Your goal:
All lines below between the line with "Modality: T1w" and the line with "An aerial image.", including both, must be copied exactly, and the pictures must be omitted.

Records provided:
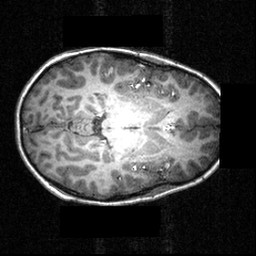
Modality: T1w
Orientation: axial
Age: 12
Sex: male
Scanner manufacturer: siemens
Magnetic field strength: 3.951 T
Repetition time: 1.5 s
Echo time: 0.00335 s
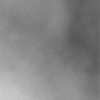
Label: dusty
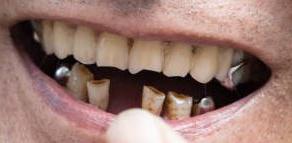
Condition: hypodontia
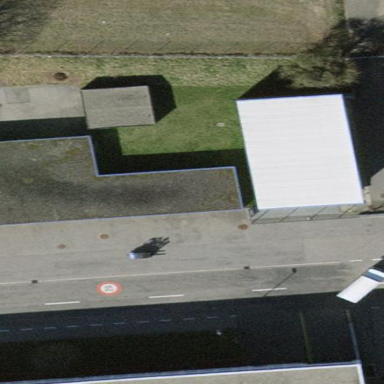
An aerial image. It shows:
---
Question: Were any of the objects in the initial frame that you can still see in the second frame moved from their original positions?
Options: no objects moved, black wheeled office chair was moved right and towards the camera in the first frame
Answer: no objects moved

Output below:
Modality: T1w
Orientation: axial
Age: 12
Sex: male
Scanner manufacturer: siemens
Magnetic field strength: 3.951 T
Repetition time: 1.5 s
Echo time: 0.00335 s
Label: dusty
Condition: hypodontia
An aerial image. It shows:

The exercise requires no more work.